Task instructions -
Among the records below, find the lines containing "metal" and state only how many there are.

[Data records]
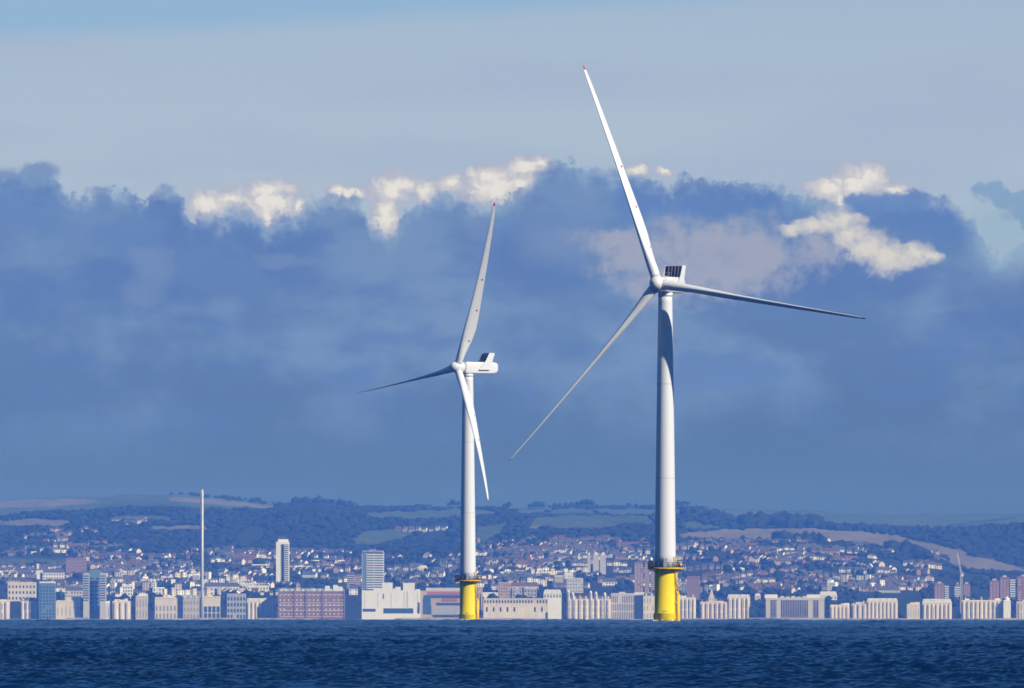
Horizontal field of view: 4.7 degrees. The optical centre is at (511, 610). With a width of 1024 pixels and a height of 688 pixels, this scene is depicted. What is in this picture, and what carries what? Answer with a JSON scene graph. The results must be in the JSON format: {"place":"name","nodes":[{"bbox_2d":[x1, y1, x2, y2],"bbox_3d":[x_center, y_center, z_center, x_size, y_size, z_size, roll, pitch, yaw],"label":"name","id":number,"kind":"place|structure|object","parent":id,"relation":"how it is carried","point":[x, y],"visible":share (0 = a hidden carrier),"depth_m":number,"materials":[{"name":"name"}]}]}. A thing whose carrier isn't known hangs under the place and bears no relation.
{"place":"outdoors","nodes":[
{"label":"outdoors","id":0,"kind":"place"},
{"bbox_2d":[0,618,1023,687],"bbox_3d":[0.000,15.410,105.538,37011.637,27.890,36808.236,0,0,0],"label":"sea","id":1,"kind":"structure","parent":0,"point":[482,653],"depth_m":514.60,"materials":[{"name":"liquid"}]},
{"bbox_2d":[359,202,497,619],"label":"wind turbine","id":2,"kind":"object","parent":1,"relation":"in","point":[467,578],"visible":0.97,"depth_m":3993.84,"materials":[{"name":"white metal"}]},
{"bbox_2d":[508,66,866,620],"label":"wind turbine","id":3,"kind":"object","parent":1,"relation":"in","point":[668,283],"visible":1,"depth_m":2998.09,"materials":[{"name":"white paint"}]},
{"bbox_2d":[0,494,1023,618],"bbox_3d":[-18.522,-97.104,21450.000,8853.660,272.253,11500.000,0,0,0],"label":"hills","id":4,"kind":"structure","parent":0,"point":[563,518],"depth_m":20588.13,"materials":[{"name":"green plant"}]},
{"bbox_2d":[0,599,9,618],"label":"seafront terrace","id":5,"kind":"structure","parent":4,"relation":"on","point":[4,608],"depth_m":15998.99,"materials":[{"name":"white paint"}]},
{"bbox_2d":[8,582,35,600],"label":"apartment block","id":6,"kind":"structure","parent":4,"relation":"on","point":[17,591],"depth_m":16650.00,"materials":[{"name":"beige concrete"}]},
{"bbox_2d":[20,598,37,618],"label":"seafront terrace","id":7,"kind":"structure","parent":4,"relation":"on","point":[28,608],"depth_m":15999.94,"materials":[{"name":"stone"}]},
{"bbox_2d":[37,564,42,579],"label":"white church","id":8,"kind":"structure","parent":4,"relation":"on","point":[39,570],"depth_m":17810.00,"materials":[{"name":"stone"}]},
{"bbox_2d":[39,582,55,618],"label":"glass tower","id":9,"kind":"structure","parent":4,"relation":"on","point":[47,600],"depth_m":15990.00,"materials":[{"name":"blue glass"}]},
{"bbox_2d":[40,569,64,579],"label":"white mansion block","id":10,"kind":"structure","parent":4,"relation":"on","point":[53,573],"depth_m":17810.00,"materials":[{"name":"stone"}]},
{"bbox_2d":[56,597,80,618],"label":"seafront hotel","id":11,"kind":"structure","parent":4,"relation":"on","point":[69,607],"depth_m":16000.00,"materials":[{"name":"white paint"}]},
{"bbox_2d":[65,586,82,599],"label":"apartment block","id":12,"kind":"structure","parent":4,"relation":"on","point":[73,591],"depth_m":16610.00,"materials":[{"name":"stone"}]},
{"bbox_2d":[66,558,86,575],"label":"plum slab block","id":13,"kind":"structure","parent":4,"relation":"on","point":[77,564],"depth_m":17930.00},
{"bbox_2d":[83,570,106,618],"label":"apartment tower","id":14,"kind":"structure","parent":4,"relation":"on","point":[94,594],"depth_m":16010.00,"materials":[{"name":"blue glass"}]},
{"bbox_2d":[83,573,88,617],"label":"tower wing","id":15,"kind":"structure","parent":14,"relation":"attached to","point":[85,595],"depth_m":15991.95,"materials":[{"name":"grey concrete"}]},
{"bbox_2d":[100,573,105,618],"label":"tower wing","id":16,"kind":"structure","parent":14,"relation":"attached to","point":[102,595],"depth_m":15992.00,"materials":[{"name":"grey concrete"}]},
{"bbox_2d":[106,601,109,618],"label":"seafront terrace","id":17,"kind":"structure","parent":4,"relation":"on","point":[107,609],"depth_m":16000.00,"materials":[{"name":"stone"}]},
{"bbox_2d":[115,585,121,595],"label":"house","id":18,"kind":"structure","parent":4,"relation":"on","point":[118,589],"depth_m":16921.28,"materials":[{"name":"white glass"}]},
{"bbox_2d":[113,598,130,618],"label":"seafront terrace","id":19,"kind":"structure","parent":4,"relation":"on","point":[121,609],"depth_m":15999.94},
{"bbox_2d":[122,585,132,598],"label":"apartment block","id":20,"kind":"structure","parent":4,"relation":"on","point":[127,590],"depth_m":16770.00,"materials":[{"name":"white concrete"}]},
{"bbox_2d":[135,594,147,618],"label":"seafront terrace","id":21,"kind":"structure","parent":4,"relation":"on","point":[141,606],"depth_m":16000.00,"materials":[{"name":"stone"}]},
{"bbox_2d":[143,581,149,590],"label":"house","id":22,"kind":"structure","parent":4,"relation":"on","point":[146,585],"depth_m":17131.59,"materials":[{"name":"grey glass"}]},
{"bbox_2d":[153,587,163,593],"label":"apartment block","id":23,"kind":"structure","parent":4,"relation":"on","point":[157,590],"depth_m":16810.00,"materials":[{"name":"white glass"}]},
{"bbox_2d":[155,595,176,617],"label":"seafront hotel","id":24,"kind":"structure","parent":4,"relation":"on","point":[165,606],"depth_m":16000.00,"materials":[{"name":"beige paint"}]},
{"bbox_2d":[169,588,175,596],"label":"house","id":25,"kind":"structure","parent":4,"relation":"on","point":[172,592],"depth_m":16795.23,"materials":[{"name":"white glass"}]},
{"bbox_2d":[174,582,181,589],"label":"house","id":26,"kind":"structure","parent":4,"relation":"on","point":[178,586],"depth_m":17010.01,"materials":[{"name":"white glass"}]},
{"bbox_2d":[176,589,183,595],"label":"house","id":27,"kind":"structure","parent":4,"relation":"on","point":[179,592],"depth_m":16800.28,"materials":[{"name":"white glass"}]},
{"bbox_2d":[176,595,199,617],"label":"seafront hotel","id":28,"kind":"structure","parent":4,"relation":"on","point":[188,606],"depth_m":16000.00,"materials":[{"name":"stone"}]},
{"bbox_2d":[186,580,194,588],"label":"house","id":29,"kind":"structure","parent":4,"relation":"on","point":[189,584],"depth_m":17152.52,"materials":[{"name":"white glass"}]},
{"bbox_2d":[190,587,196,594],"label":"house","id":30,"kind":"structure","parent":4,"relation":"on","point":[193,591],"depth_m":16810.46,"materials":[{"name":"white glass"}]},
{"bbox_2d":[193,574,199,580],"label":"white flats","id":31,"kind":"structure","parent":4,"relation":"on","point":[196,577],"depth_m":17609.95,"materials":[{"name":"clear glass"}]},
{"bbox_2d":[200,489,203,617],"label":"observation tower","id":32,"kind":"structure","parent":4,"relation":"on","point":[201,553],"depth_m":15978.40,"materials":[{"name":"metal"}]},
{"bbox_2d":[204,587,210,595],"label":"house","id":33,"kind":"structure","parent":4,"relation":"on","point":[207,590],"depth_m":16820.91,"materials":[{"name":"white glass"}]},
{"bbox_2d":[204,594,219,617],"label":"seafront hotel","id":34,"kind":"structure","parent":4,"relation":"on","point":[211,606],"depth_m":16000.00,"materials":[{"name":"white concrete"}]},
{"bbox_2d":[204,583,238,594],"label":"white terrace","id":35,"kind":"structure","parent":4,"relation":"on","point":[215,586],"depth_m":16930.00,"materials":[{"name":"paint"}]},
{"bbox_2d":[227,594,245,618],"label":"curved glass building","id":36,"kind":"structure","parent":4,"relation":"on","point":[236,605],"depth_m":16000.00,"materials":[{"name":"blue"}]},
{"bbox_2d":[233,556,255,563],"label":"red house row","id":37,"kind":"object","parent":4,"relation":"on","point":[248,559],"visible":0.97,"depth_m":18692.72,"materials":[{"name":"brick"}]},
{"bbox_2d":[247,586,268,591],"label":"white hotel","id":38,"kind":"structure","parent":4,"relation":"on","point":[266,588],"depth_m":16970.00,"materials":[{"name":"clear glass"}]},
{"bbox_2d":[246,598,275,618],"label":"seafront terrace","id":39,"kind":"structure","parent":4,"relation":"on","point":[257,608],"depth_m":15999.81,"materials":[{"name":"white paint"}]},
{"bbox_2d":[276,537,288,581],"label":"residential tower","id":40,"kind":"structure","parent":4,"relation":"on","point":[282,559],"depth_m":17369.95,"materials":[{"name":"white concrete"}]},
{"bbox_2d":[292,581,299,587],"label":"house","id":41,"kind":"structure","parent":4,"relation":"on","point":[296,584],"depth_m":17272.38,"materials":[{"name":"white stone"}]},
{"bbox_2d":[302,571,313,577],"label":"white terrace","id":42,"kind":"structure","parent":4,"relation":"on","point":[306,574],"depth_m":17891.04,"materials":[{"name":"stone"}]},
{"bbox_2d":[278,585,344,618],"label":"red brick hotel","id":43,"kind":"structure","parent":4,"relation":"on","point":[327,602],"depth_m":15980.00,"materials":[{"name":"brick"}]},
{"bbox_2d":[347,572,354,588],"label":"brick flats","id":44,"kind":"structure","parent":4,"relation":"on","point":[350,578],"depth_m":17249.95,"materials":[{"name":"brown brick"}]},
{"bbox_2d":[349,585,357,594],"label":"white villa","id":45,"kind":"object","parent":4,"relation":"on","point":[353,589],"visible":1,"depth_m":16970.00,"materials":[{"name":"paint"}]},
{"bbox_2d":[355,574,360,586],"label":"brick flats","id":46,"kind":"structure","parent":4,"relation":"on","point":[357,579],"depth_m":17250.00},
{"bbox_2d":[362,549,383,589],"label":"balcony tower","id":47,"kind":"structure","parent":4,"relation":"on","point":[372,569],"depth_m":17049.88,"materials":[{"name":"white concrete"}]},
{"bbox_2d":[362,583,420,618],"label":"white hotel","id":48,"kind":"structure","parent":4,"relation":"on","point":[387,601],"depth_m":15975.00,"materials":[{"name":"white paint"}]},
{"bbox_2d":[421,588,459,618],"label":"conference hall","id":49,"kind":"structure","parent":4,"relation":"on","point":[440,603],"depth_m":15984.80,"materials":[{"name":"white glass"}]},
{"bbox_2d":[0,515,945,585],"bbox_3d":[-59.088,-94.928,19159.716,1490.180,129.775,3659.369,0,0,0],"label":"distant houses","id":50,"kind":"structure","parent":4,"relation":"on","point":[580,547],"depth_m":18449.98,"materials":[{"name":"stone"}]},
{"bbox_2d":[478,587,482,617],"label":"cinema block","id":51,"kind":"structure","parent":4,"relation":"on","point":[480,597],"depth_m":16000.00,"materials":[{"name":"grey concrete"}]},
{"bbox_2d":[483,592,497,597],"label":"white box building","id":52,"kind":"structure","parent":4,"relation":"on","point":[485,594],"depth_m":16730.00,"materials":[{"name":"white concrete"}]},
{"bbox_2d":[498,582,509,597],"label":"brown flats","id":53,"kind":"structure","parent":4,"relation":"on","point":[503,589],"depth_m":16730.00,"materials":[{"name":"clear glass"}]},
{"bbox_2d":[0,492,1023,578],"bbox_3d":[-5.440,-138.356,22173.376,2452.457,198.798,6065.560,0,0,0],"label":"woodland","id":54,"kind":"object","parent":4,"relation":"on","point":[278,520],"visible":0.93,"depth_m":20698.38,"materials":[{"name":"green plant"}]},
{"bbox_2d":[0,531,1023,618],"bbox_3d":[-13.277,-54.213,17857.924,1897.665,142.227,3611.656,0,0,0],"label":"town greenery","id":55,"kind":"object","parent":4,"relation":"on","point":[981,581],"visible":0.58,"depth_m":17804.00,"materials":[{"name":"green plant"}]},
{"bbox_2d":[483,603,545,617],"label":"arcade building","id":56,"kind":"structure","parent":4,"relation":"on","point":[513,610],"depth_m":15975.00,"materials":[{"name":"beige paint"}]},
{"bbox_2d":[483,598,547,618],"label":"colonnade","id":57,"kind":"object","parent":4,"relation":"on","point":[515,600],"visible":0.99,"depth_m":16020.00,"materials":[{"name":"paint"}]},
{"bbox_2d":[512,589,521,597],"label":"grey flats","id":58,"kind":"structure","parent":4,"relation":"on","point":[515,592],"depth_m":16730.00,"materials":[{"name":"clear glass"}]},
{"bbox_2d":[510,582,538,588],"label":"pink roofed building","id":59,"kind":"structure","parent":4,"relation":"on","point":[516,585],"depth_m":17171.20,"materials":[{"name":"tile"}]},
{"bbox_2d":[524,588,536,597],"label":"grey flats","id":60,"kind":"structure","parent":4,"relation":"on","point":[529,592],"depth_m":16690.00,"materials":[{"name":"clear glass"}]},
{"bbox_2d":[543,590,561,618],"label":"pale hall","id":61,"kind":"structure","parent":4,"relation":"on","point":[553,597],"depth_m":16060.00,"materials":[{"name":"beige paint"}]},
{"bbox_2d":[555,576,562,581],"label":"grey block","id":62,"kind":"structure","parent":4,"relation":"on","point":[558,578],"depth_m":17250.00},
{"bbox_2d":[564,573,572,578],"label":"white block","id":63,"kind":"structure","parent":4,"relation":"on","point":[567,575],"depth_m":17450.00,"materials":[{"name":"clear glass"}]},
{"bbox_2d":[567,578,582,592],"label":"grey offices","id":64,"kind":"structure","parent":4,"relation":"on","point":[574,585],"depth_m":17010.00,"materials":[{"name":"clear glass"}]},
{"bbox_2d":[567,590,610,619],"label":"twin towered hotel","id":65,"kind":"structure","parent":4,"relation":"on","point":[588,606],"depth_m":15984.03,"materials":[{"name":"concrete"}]},
{"bbox_2d":[587,553,590,571],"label":"tower block","id":66,"kind":"structure","parent":4,"relation":"on","point":[589,562],"depth_m":17850.00,"materials":[{"name":"white concrete"}]},
{"bbox_2d":[593,553,598,570],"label":"tower block","id":67,"kind":"structure","parent":4,"relation":"on","point":[595,561],"depth_m":17850.00,"materials":[{"name":"white concrete"}]},
{"bbox_2d":[600,553,605,573],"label":"tower block","id":68,"kind":"structure","parent":4,"relation":"on","point":[602,563],"depth_m":17850.00,"materials":[{"name":"white concrete"}]},
{"bbox_2d":[602,578,616,585],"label":"white hotel","id":69,"kind":"structure","parent":4,"relation":"on","point":[609,581],"depth_m":17330.30,"materials":[{"name":"stone"}]},
{"bbox_2d":[611,592,633,618],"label":"seafront flats","id":70,"kind":"structure","parent":4,"relation":"on","point":[622,604],"depth_m":15990.00,"materials":[{"name":"stone"}]},
{"bbox_2d":[616,542,649,546],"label":"brick terrace","id":71,"kind":"structure","parent":4,"relation":"on","point":[623,543],"depth_m":19174.09,"materials":[{"name":"brick"}]},
{"bbox_2d":[634,562,642,591],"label":"brick tower","id":72,"kind":"structure","parent":4,"relation":"on","point":[638,576],"depth_m":17010.00,"materials":[{"name":"brick"}]},
{"bbox_2d":[644,562,648,591],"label":"brick tower","id":73,"kind":"structure","parent":4,"relation":"on","point":[646,578],"depth_m":17010.00,"materials":[{"name":"brick"}]},
{"bbox_2d":[643,592,654,618],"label":"seafront terrace","id":74,"kind":"structure","parent":4,"relation":"on","point":[648,605],"depth_m":16000.00,"materials":[{"name":"stone"}]},
{"bbox_2d":[651,562,654,590],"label":"brick tower","id":75,"kind":"structure","parent":4,"relation":"on","point":[652,580],"depth_m":17010.00,"materials":[{"name":"brick"}]},
{"bbox_2d":[681,583,686,592],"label":"house","id":76,"kind":"structure","parent":4,"relation":"on","point":[684,588],"depth_m":17014.56,"materials":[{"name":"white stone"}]},
{"bbox_2d":[676,594,695,617],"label":"seafront terrace","id":77,"kind":"structure","parent":4,"relation":"on","point":[687,607],"depth_m":15999.65,"materials":[{"name":"brick"}]},
{"bbox_2d":[687,576,699,599],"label":"plum tower","id":78,"kind":"structure","parent":4,"relation":"on","point":[693,584],"depth_m":16690.00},
{"bbox_2d":[705,583,711,592],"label":"house","id":79,"kind":"structure","parent":4,"relation":"on","point":[708,586],"depth_m":17000.83,"materials":[{"name":"glass"}]},
{"bbox_2d":[708,588,714,600],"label":"church","id":80,"kind":"structure","parent":4,"relation":"on","point":[711,596],"depth_m":16611.21,"materials":[{"name":"beige stone"}]},
{"bbox_2d":[700,599,727,618],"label":"pink seafront terrace","id":81,"kind":"structure","parent":4,"relation":"on","point":[711,609],"depth_m":15999.65,"materials":[{"name":"paint"}]},
{"bbox_2d":[713,583,719,590],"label":"house","id":82,"kind":"structure","parent":4,"relation":"on","point":[716,587],"depth_m":16996.00,"materials":[{"name":"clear glass"}]},
{"bbox_2d":[727,594,749,618],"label":"seafront terrace","id":83,"kind":"structure","parent":4,"relation":"on","point":[738,606],"depth_m":15999.59,"materials":[{"name":"paint"}]},
{"bbox_2d":[786,586,795,592],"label":"house","id":84,"kind":"structure","parent":4,"relation":"on","point":[790,589],"depth_m":16997.54,"materials":[{"name":"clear glass"}]},
{"bbox_2d":[765,594,824,617],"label":"classical terrace","id":85,"kind":"structure","parent":4,"relation":"on","point":[811,606],"depth_m":15983.79,"materials":[{"name":"stone"}]},
{"bbox_2d":[818,584,826,589],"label":"house","id":86,"kind":"structure","parent":4,"relation":"on","point":[822,587],"depth_m":17152.73,"materials":[{"name":"white stone"}]},
{"bbox_2d":[812,548,839,554],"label":"school building","id":87,"kind":"structure","parent":4,"relation":"on","point":[836,550],"depth_m":19011.25,"materials":[{"name":"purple brick"}]},
{"bbox_2d":[820,591,836,599],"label":"white villa","id":88,"kind":"object","parent":4,"relation":"on","point":[832,594],"visible":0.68,"depth_m":16692.03,"materials":[{"name":"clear glass"}]},
{"bbox_2d":[827,580,837,590],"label":"white apartments","id":89,"kind":"structure","parent":4,"relation":"on","point":[830,583],"depth_m":17090.90,"materials":[{"name":"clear glass"}]},
{"bbox_2d":[830,603,849,617],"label":"seafront terrace","id":90,"kind":"structure","parent":4,"relation":"on","point":[840,611],"depth_m":15999.65,"materials":[{"name":"paint"}]},
{"bbox_2d":[851,601,866,617],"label":"seafront terrace","id":91,"kind":"structure","parent":4,"relation":"on","point":[858,609],"depth_m":15999.65,"materials":[{"name":"paint"}]},
{"bbox_2d":[867,598,897,617],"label":"seafront terrace","id":92,"kind":"structure","parent":4,"relation":"on","point":[882,607],"depth_m":15999.65,"materials":[{"name":"paint"}]},
{"bbox_2d":[877,586,899,592],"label":"white hotel","id":93,"kind":"structure","parent":4,"relation":"on","point":[888,589],"depth_m":17051.81,"materials":[{"name":"paint"}]},
{"bbox_2d":[907,602,919,618],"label":"seafront terrace","id":94,"kind":"structure","parent":4,"relation":"on","point":[913,610],"depth_m":16000.00,"materials":[{"name":"paint"}]},
{"bbox_2d":[922,599,951,618],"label":"seafront terrace","id":95,"kind":"structure","parent":4,"relation":"on","point":[936,608],"depth_m":15999.80,"materials":[{"name":"paint"}]},
{"bbox_2d":[934,582,948,598],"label":"brick apartment tower","id":96,"kind":"structure","parent":4,"relation":"on","point":[941,590],"depth_m":16650.00,"materials":[{"name":"brick"}]},
{"bbox_2d":[954,583,959,596],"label":"brick apartment tower","id":97,"kind":"structure","parent":4,"relation":"on","point":[957,590],"depth_m":16649.70,"materials":[{"name":"stone"}]},
{"bbox_2d":[957,553,964,612],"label":"tower crane","id":98,"kind":"object","parent":4,"relation":"on","point":[962,573],"visible":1,"depth_m":16149.04,"materials":[{"name":"white paint"}]},
{"bbox_2d":[963,582,969,596],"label":"brick apartment tower","id":99,"kind":"structure","parent":4,"relation":"on","point":[966,588],"depth_m":16650.00,"materials":[{"name":"brick"}]},
{"bbox_2d":[961,597,1003,618],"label":"seafront hotel","id":100,"kind":"structure","parent":4,"relation":"on","point":[981,608],"depth_m":15999.70,"materials":[{"name":"paint"}]},
{"bbox_2d":[989,579,999,599],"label":"brick apartment tower","id":101,"kind":"structure","parent":4,"relation":"on","point":[993,589],"depth_m":16650.00,"materials":[{"name":"brick"}]},
{"bbox_2d":[1003,597,1010,617],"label":"domed pavilion","id":102,"kind":"structure","parent":4,"relation":"on","point":[1006,607],"depth_m":15992.00,"materials":[{"name":"beige paint"}]},
{"bbox_2d":[1000,575,1015,599],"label":"brick apartment tower","id":103,"kind":"structure","parent":4,"relation":"on","point":[1004,586],"depth_m":16690.00,"materials":[{"name":"brick"}]},
{"bbox_2d":[1016,600,1023,618],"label":"seafront terrace","id":104,"kind":"structure","parent":4,"relation":"on","point":[1019,609],"depth_m":15999.74,"materials":[{"name":"stone"}]},
{"bbox_2d":[1017,574,1023,600],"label":"brick apartment tower","id":105,"kind":"structure","parent":4,"relation":"on","point":[1020,588],"depth_m":16690.00,"materials":[{"name":"brick"}]},
{"bbox_2d":[0,618,1023,619],"bbox_3d":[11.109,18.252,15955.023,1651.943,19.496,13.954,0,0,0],"label":"promenade","id":106,"kind":"structure","parent":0,"point":[588,618],"depth_m":15950.88,"materials":[{"name":"stone"}]},
{"bbox_2d":[0,0,1023,514],"label":"sky","id":107,"kind":"structure","parent":0,"point":[225,225],"materials":[{"name":"blue"}]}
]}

Task result -
2